Stored data section start

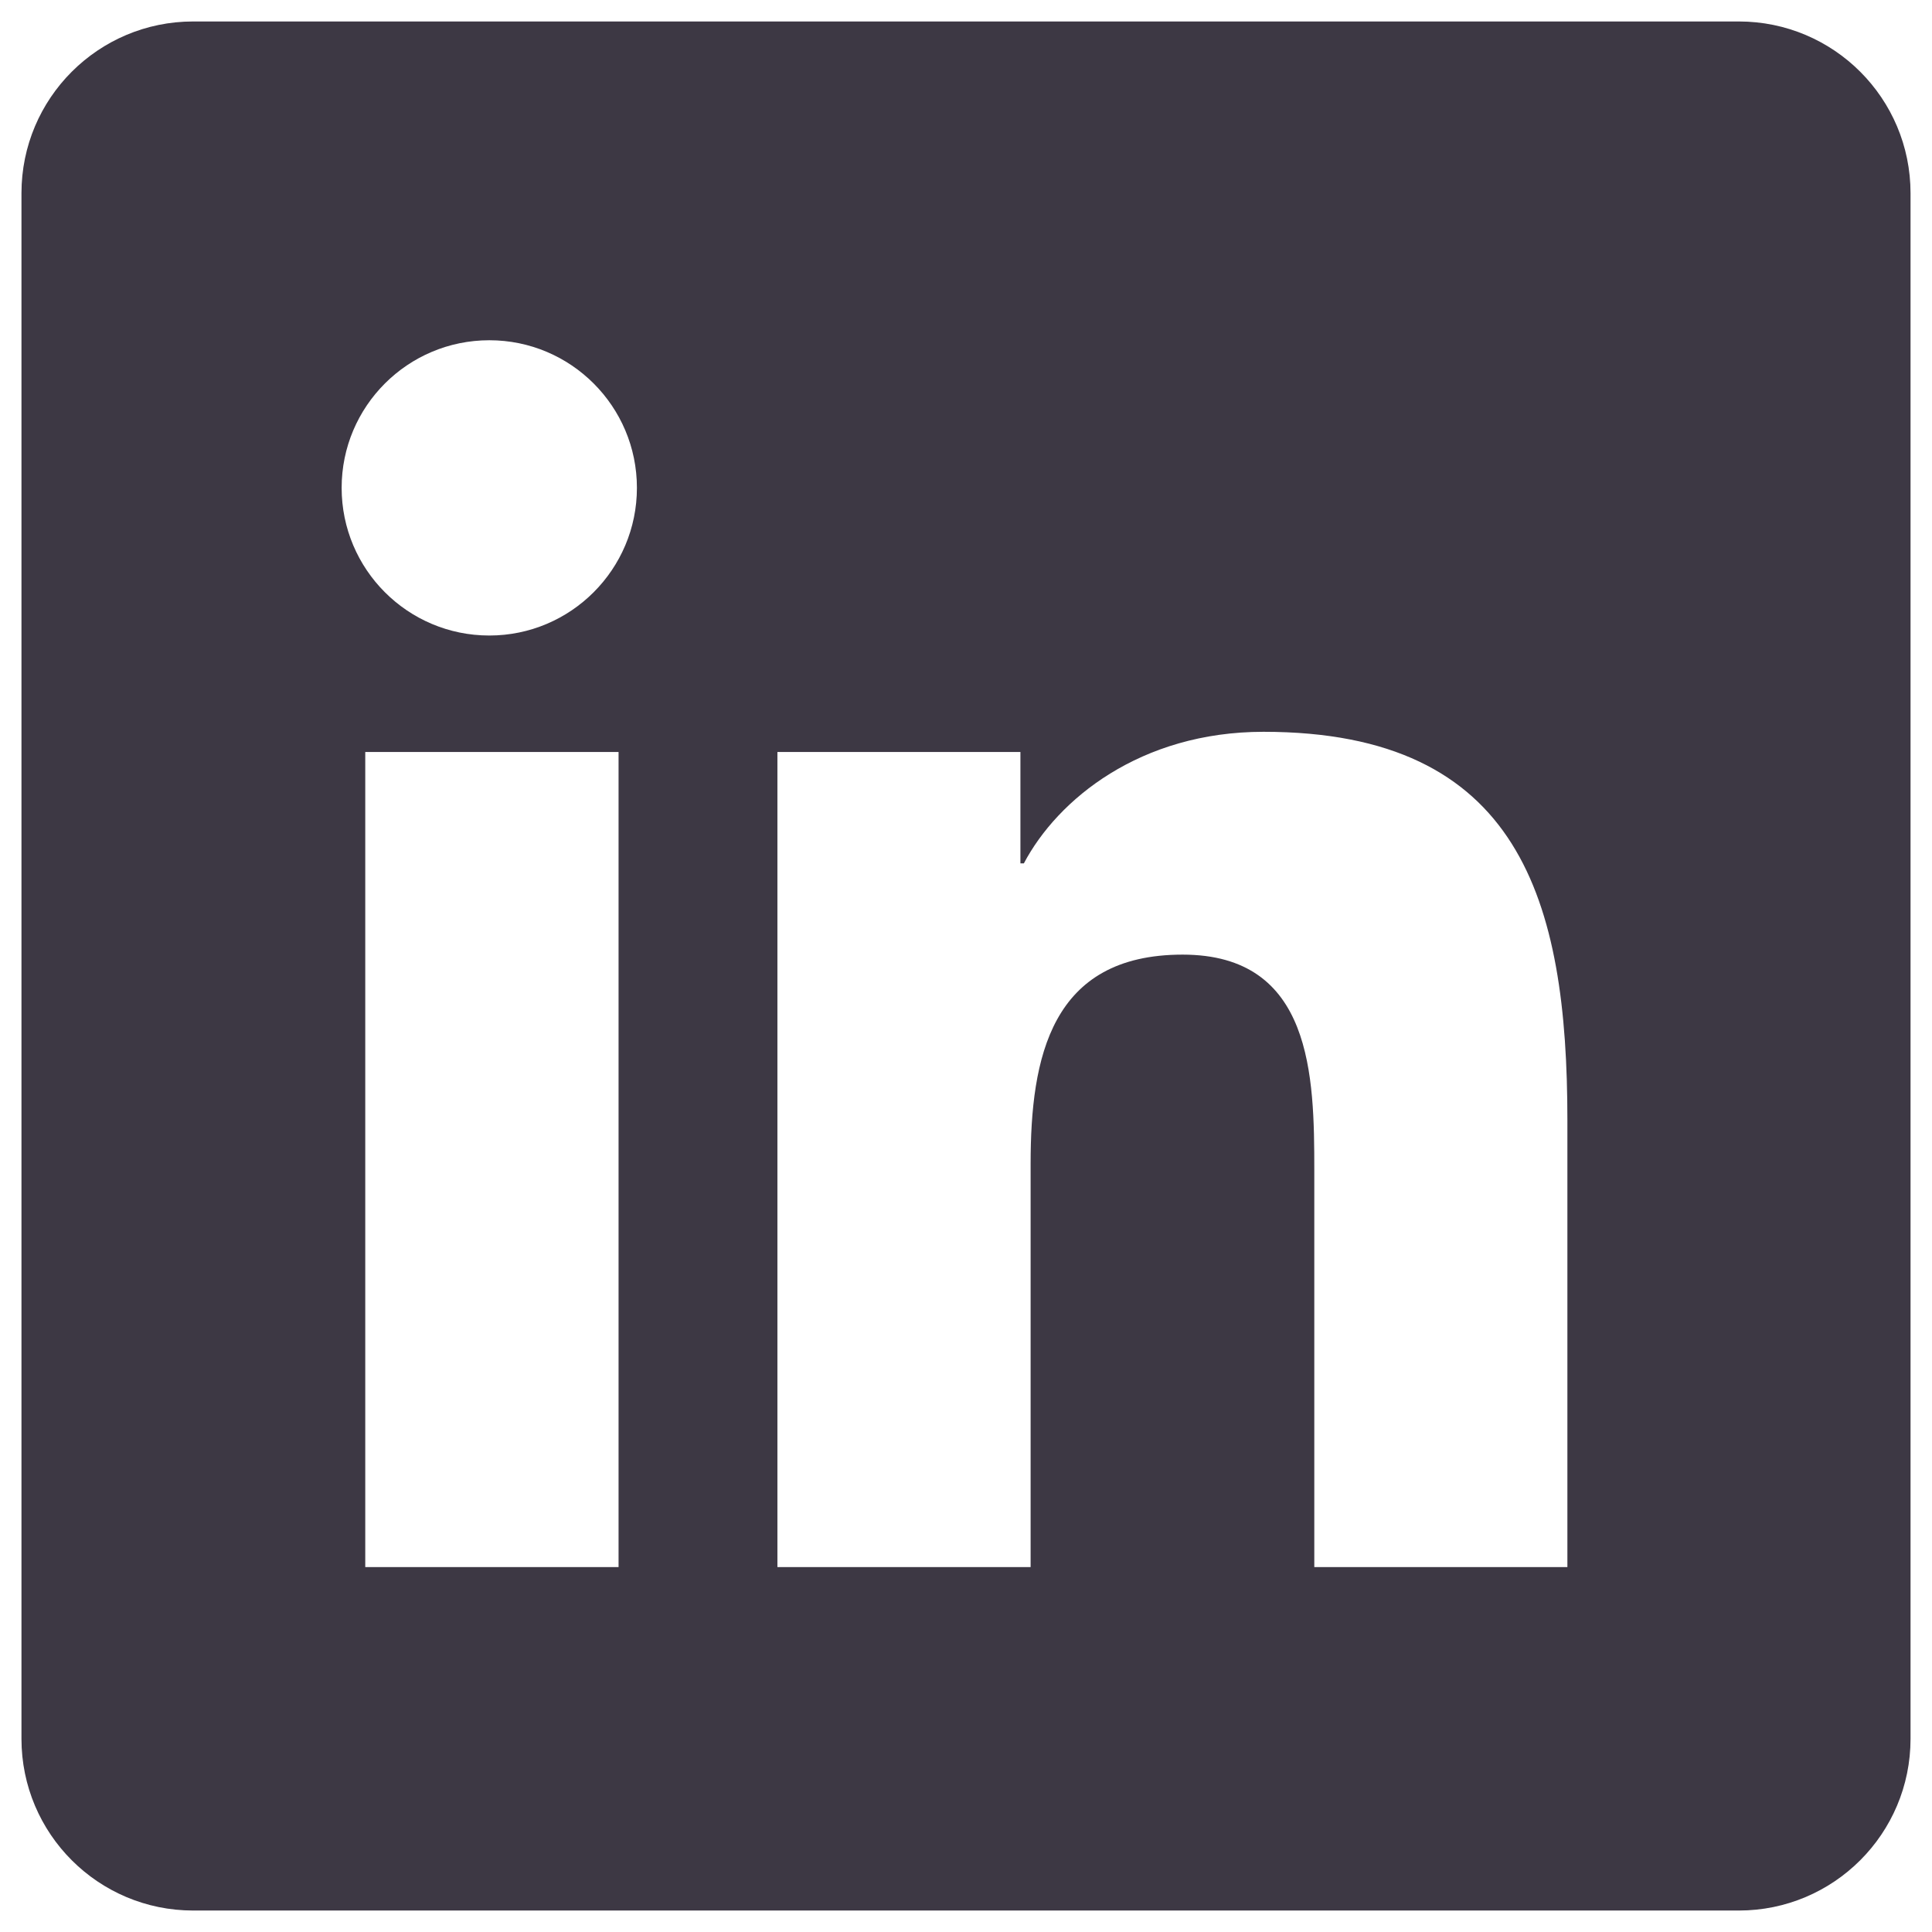 <?xml version="1.0" encoding="utf-8"?>
<svg width="18" height="18" viewBox="0 0 18 18" fill="none" xmlns="http://www.w3.org/2000/svg">
<path d="M16.2 0.2H1.8C0.916 0.2 0.2 0.916 0.2 1.8V16.2C0.2 17.084 0.916 17.8 1.8 17.8H16.2C17.084 17.8 17.8 17.084 17.8 16.2V1.8C17.8 0.916 17.084 0.2 16.2 0.2ZM5.763 14.6H3.403V7.006H5.763V14.6ZM4.559 5.921C3.798 5.921 3.183 5.304 3.183 4.545C3.183 3.786 3.799 3.17 4.559 3.17C5.318 3.17 5.934 3.786 5.934 4.545C5.934 5.304 5.318 5.921 4.559 5.921ZM14.603 14.6H12.245V10.907C12.245 10.026 12.229 8.894 11.018 8.894C9.79 8.894 9.602 9.853 9.602 10.843V14.6H7.243V7.006H9.507V8.044H9.539C9.854 7.447 10.624 6.818 11.772 6.818C14.162 6.818 14.603 8.39 14.603 10.435V14.6Z" fill="#3D3844"/>
</svg>
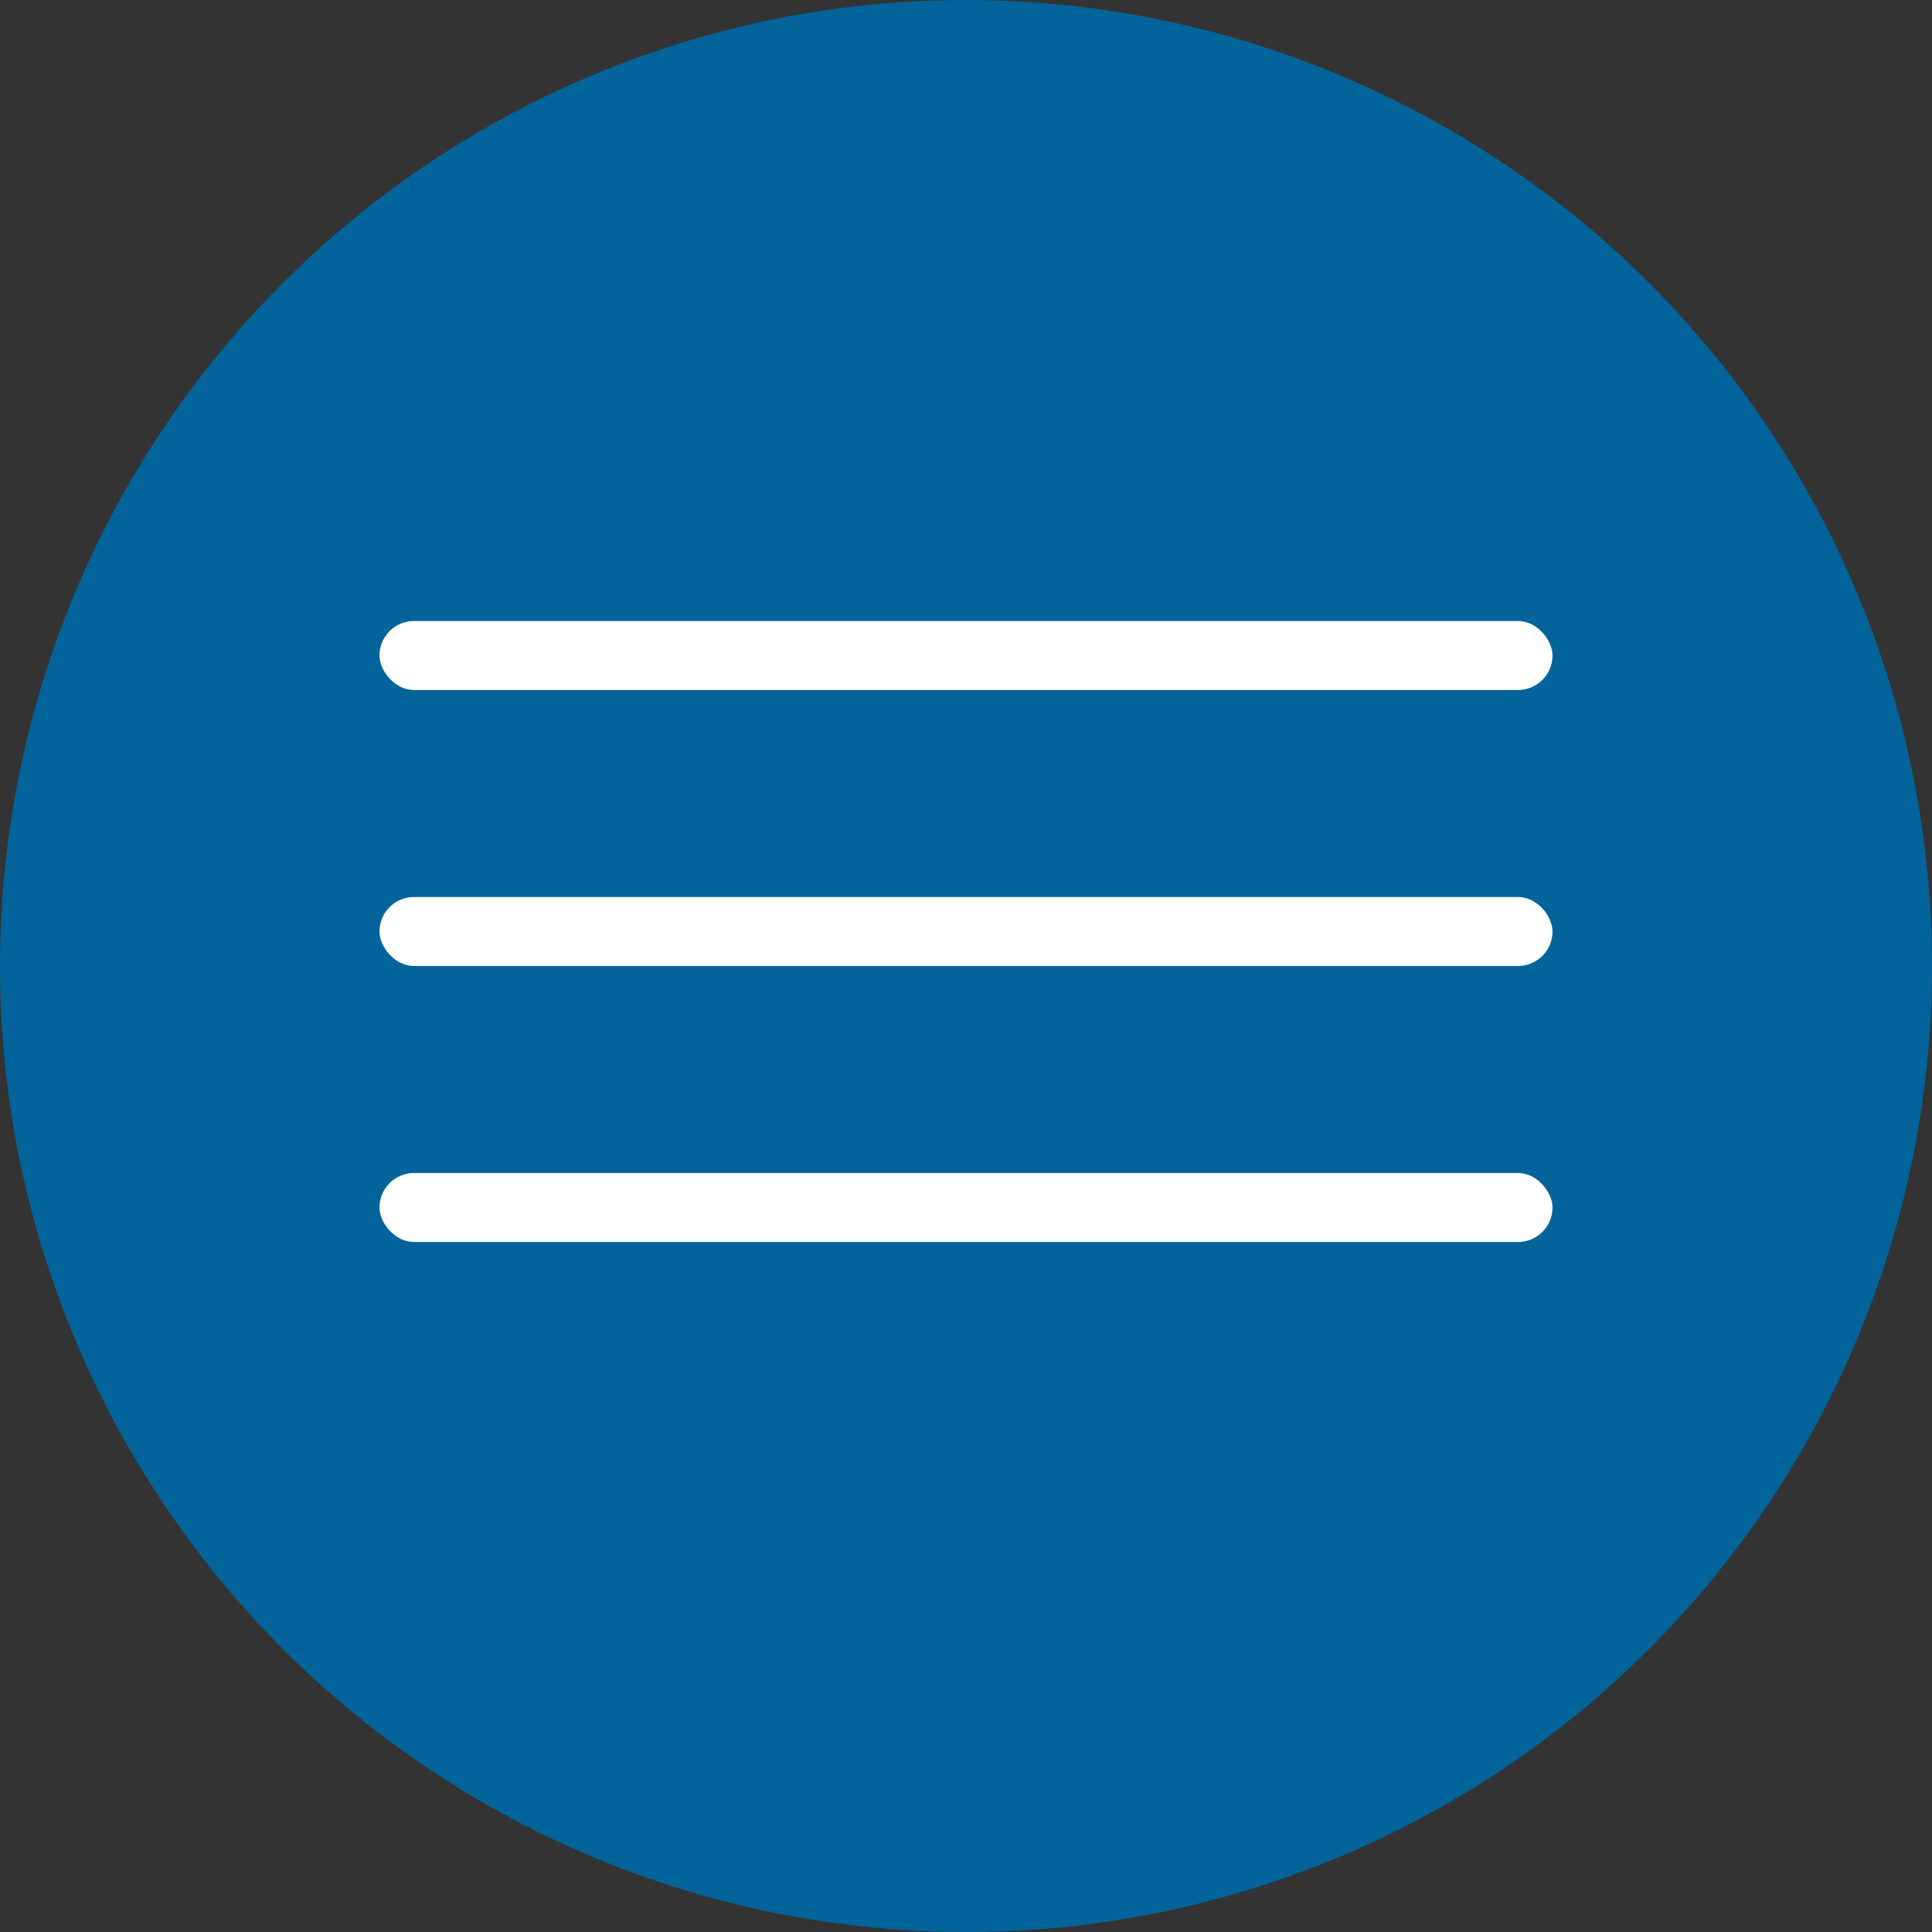 <?xml version="1.0" encoding="UTF-8"?> <svg xmlns="http://www.w3.org/2000/svg" width="56" height="56" viewBox="0 0 56 56" fill="none"><rect x="0" y="0" width="56" height="56" fill="#333333" stroke="none"/><circle cx="28" cy="28" r="28" fill="#02649A"></circle><rect x="11" y="18" width="34" height="2" rx="1" fill="white"></rect><rect x="11" y="26" width="34" height="2" rx="1" fill="white"></rect><rect x="11" y="34" width="34" height="2" rx="1" fill="white"></rect></svg>

Stored data section end

### Work instruction
Give the listing again word for word. Skip any pictures.

### Answer section
 <?xml version="1.0" encoding="utf-8"?>
<svg width="18" height="18" viewBox="0 0 18 18" fill="none" xmlns="http://www.w3.org/2000/svg">
<path d="M16.2 0.2H1.8C0.916 0.2 0.2 0.916 0.2 1.8V16.2C0.2 17.084 0.916 17.8 1.8 17.8H16.2C17.084 17.8 17.8 17.084 17.8 16.2V1.8C17.8 0.916 17.084 0.2 16.2 0.2ZM5.763 14.6H3.403V7.006H5.763V14.6ZM4.559 5.921C3.798 5.921 3.183 5.304 3.183 4.545C3.183 3.786 3.799 3.17 4.559 3.17C5.318 3.17 5.934 3.786 5.934 4.545C5.934 5.304 5.318 5.921 4.559 5.921ZM14.603 14.6H12.245V10.907C12.245 10.026 12.229 8.894 11.018 8.894C9.79 8.894 9.602 9.853 9.602 10.843V14.6H7.243V7.006H9.507V8.044H9.539C9.854 7.447 10.624 6.818 11.772 6.818C14.162 6.818 14.603 8.39 14.603 10.435V14.6Z" fill="#3D3844"/>
</svg>
 <?xml version="1.0" encoding="UTF-8"?> <svg xmlns="http://www.w3.org/2000/svg" width="56" height="56" viewBox="0 0 56 56" fill="none"><rect x="0" y="0" width="56" height="56" fill="#333333" stroke="none"/><circle cx="28" cy="28" r="28" fill="#02649A"></circle><rect x="11" y="18" width="34" height="2" rx="1" fill="white"></rect><rect x="11" y="26" width="34" height="2" rx="1" fill="white"></rect><rect x="11" y="34" width="34" height="2" rx="1" fill="white"></rect></svg>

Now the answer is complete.